Work item » In the entries below, find each line with the string "cannot" and copy it.

********

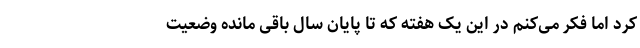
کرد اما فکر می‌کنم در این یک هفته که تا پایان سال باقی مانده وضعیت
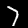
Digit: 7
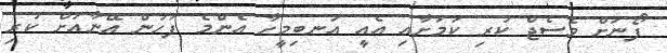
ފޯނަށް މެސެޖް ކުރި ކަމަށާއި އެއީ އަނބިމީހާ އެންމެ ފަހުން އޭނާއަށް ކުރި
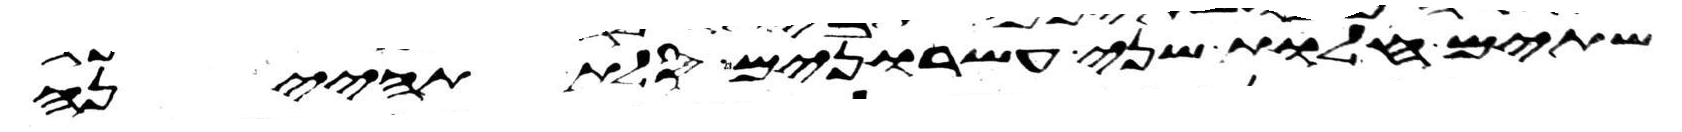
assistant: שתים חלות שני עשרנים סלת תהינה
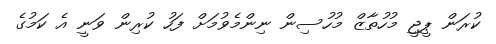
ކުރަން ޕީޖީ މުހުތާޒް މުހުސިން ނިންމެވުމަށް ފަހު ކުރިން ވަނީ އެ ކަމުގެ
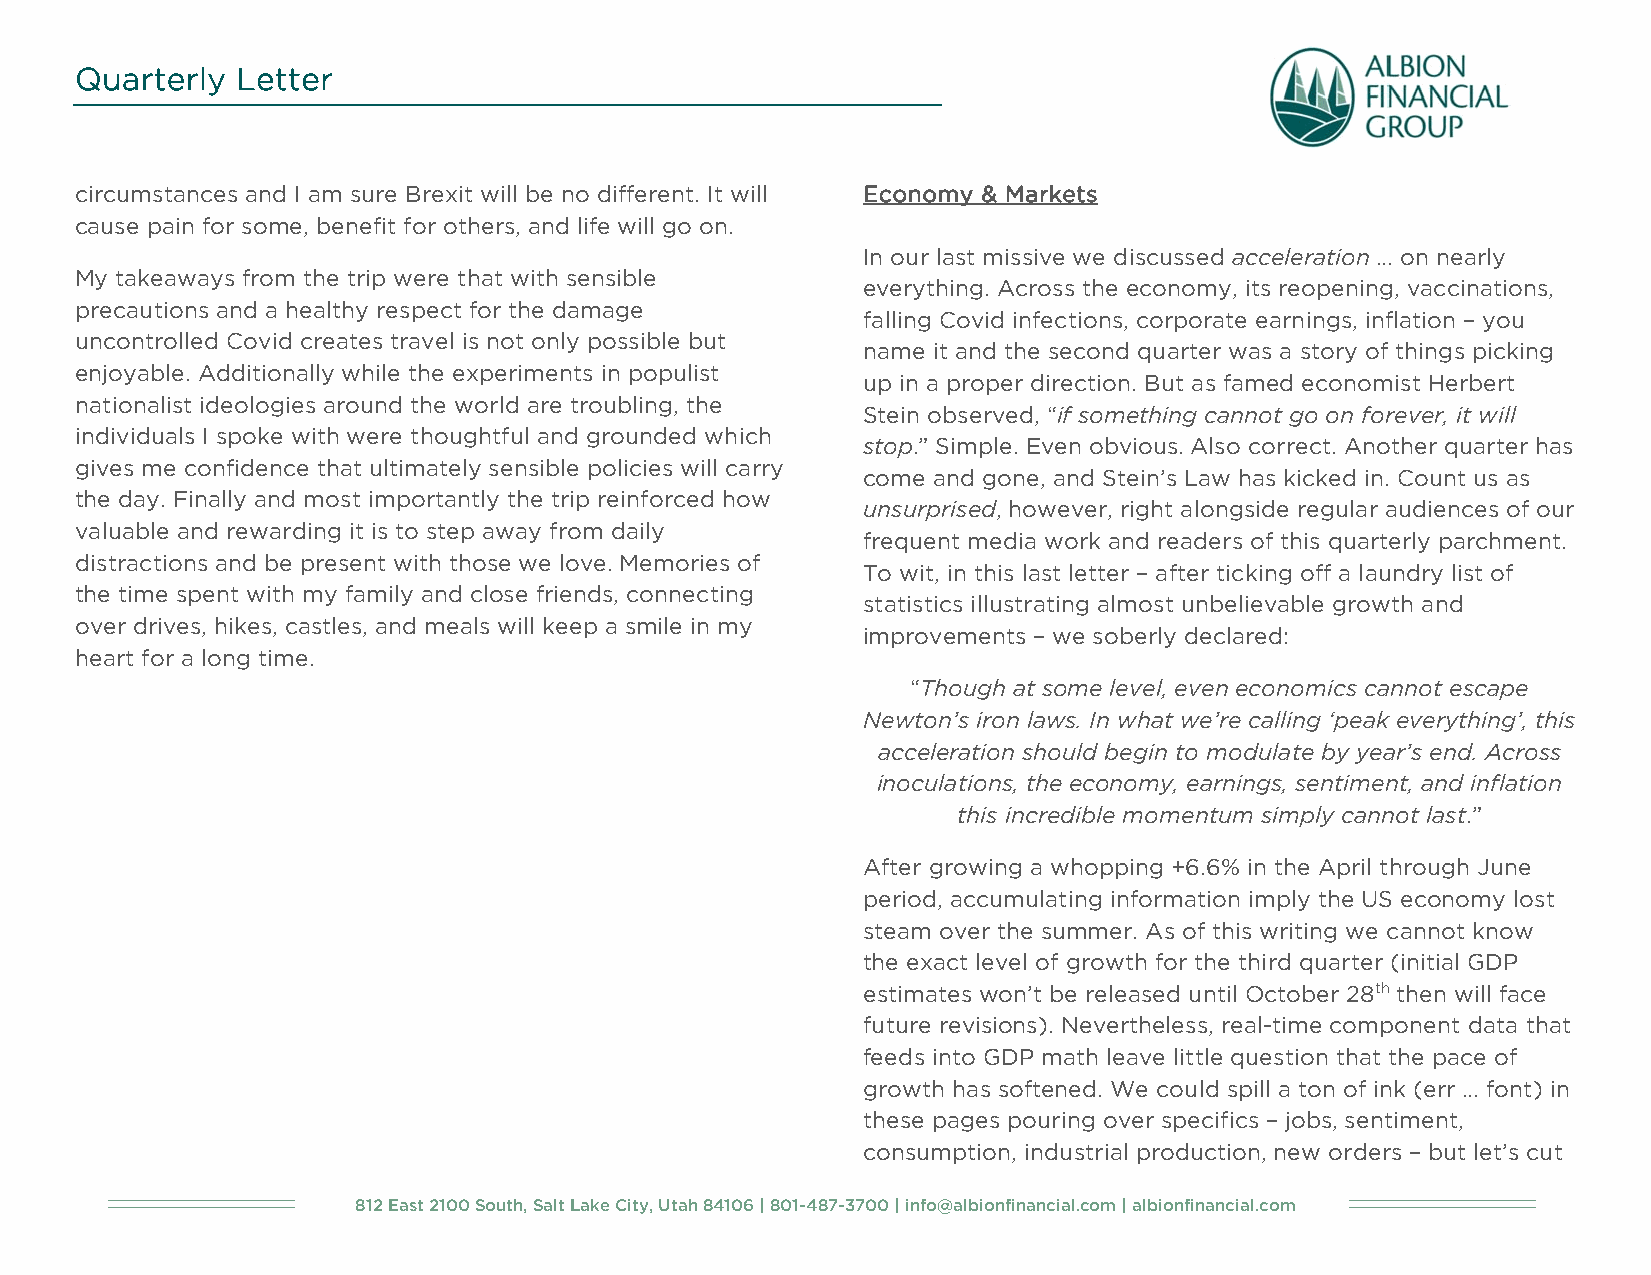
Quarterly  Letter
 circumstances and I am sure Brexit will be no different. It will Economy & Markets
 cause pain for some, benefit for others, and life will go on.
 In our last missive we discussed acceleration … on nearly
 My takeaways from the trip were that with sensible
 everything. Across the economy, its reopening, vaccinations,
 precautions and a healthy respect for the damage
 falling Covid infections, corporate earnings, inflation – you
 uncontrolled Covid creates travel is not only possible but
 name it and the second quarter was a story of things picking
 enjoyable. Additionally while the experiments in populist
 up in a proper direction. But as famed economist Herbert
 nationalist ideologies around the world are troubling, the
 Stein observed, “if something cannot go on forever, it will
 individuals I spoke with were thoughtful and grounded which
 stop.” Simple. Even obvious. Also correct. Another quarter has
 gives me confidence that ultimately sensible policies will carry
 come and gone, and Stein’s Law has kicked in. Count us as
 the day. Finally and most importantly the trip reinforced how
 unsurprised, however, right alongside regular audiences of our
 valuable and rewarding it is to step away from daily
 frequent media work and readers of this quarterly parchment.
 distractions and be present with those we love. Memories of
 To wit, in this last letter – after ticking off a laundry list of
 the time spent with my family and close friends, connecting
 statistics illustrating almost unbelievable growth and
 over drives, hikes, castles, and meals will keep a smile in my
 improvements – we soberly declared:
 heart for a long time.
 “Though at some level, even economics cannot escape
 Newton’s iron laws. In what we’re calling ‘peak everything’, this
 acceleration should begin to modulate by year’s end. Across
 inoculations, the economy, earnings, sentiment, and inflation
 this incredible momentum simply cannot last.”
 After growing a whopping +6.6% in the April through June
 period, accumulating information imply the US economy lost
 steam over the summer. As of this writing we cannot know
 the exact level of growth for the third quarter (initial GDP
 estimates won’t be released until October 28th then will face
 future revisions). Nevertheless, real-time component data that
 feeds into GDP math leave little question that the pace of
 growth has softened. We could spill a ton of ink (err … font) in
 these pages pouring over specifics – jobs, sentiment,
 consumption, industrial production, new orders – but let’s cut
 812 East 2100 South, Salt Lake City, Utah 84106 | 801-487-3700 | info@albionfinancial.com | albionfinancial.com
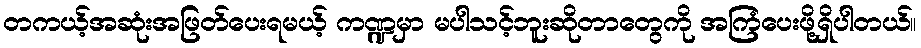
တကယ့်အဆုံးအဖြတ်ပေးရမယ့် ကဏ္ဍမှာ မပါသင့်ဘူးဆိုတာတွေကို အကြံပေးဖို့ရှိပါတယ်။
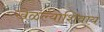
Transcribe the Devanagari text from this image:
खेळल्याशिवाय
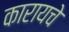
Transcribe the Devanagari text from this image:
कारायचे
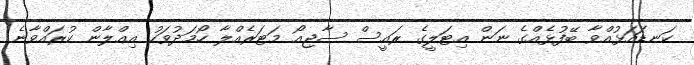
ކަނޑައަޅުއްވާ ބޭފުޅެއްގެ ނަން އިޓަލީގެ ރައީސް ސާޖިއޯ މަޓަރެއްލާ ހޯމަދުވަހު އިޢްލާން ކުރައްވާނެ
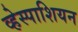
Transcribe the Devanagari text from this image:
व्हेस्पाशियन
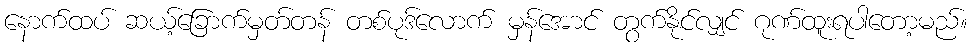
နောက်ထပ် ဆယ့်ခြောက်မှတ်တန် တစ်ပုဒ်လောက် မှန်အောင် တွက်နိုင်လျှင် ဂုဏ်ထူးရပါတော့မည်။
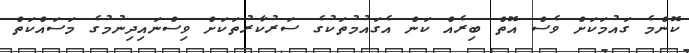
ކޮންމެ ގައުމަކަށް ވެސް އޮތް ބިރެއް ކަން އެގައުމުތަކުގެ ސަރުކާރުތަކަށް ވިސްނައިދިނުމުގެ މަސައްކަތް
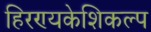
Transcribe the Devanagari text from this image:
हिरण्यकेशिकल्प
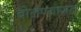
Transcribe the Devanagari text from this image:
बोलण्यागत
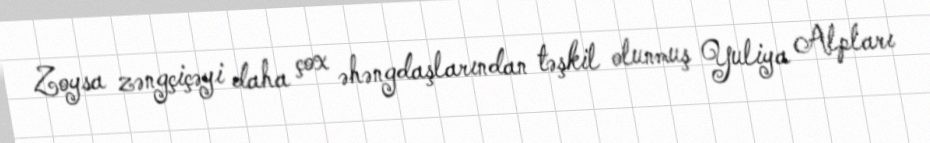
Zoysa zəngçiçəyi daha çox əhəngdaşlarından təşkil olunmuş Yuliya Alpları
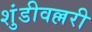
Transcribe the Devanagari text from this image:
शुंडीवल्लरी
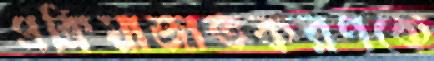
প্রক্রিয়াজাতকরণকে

********

Result below »
 Stein observed, “if something cannot go on forever, it will
 “Though at some level, even economics cannot escape
 this incredible momentum simply cannot last.”
 steam over the summer. As of this writing we cannot know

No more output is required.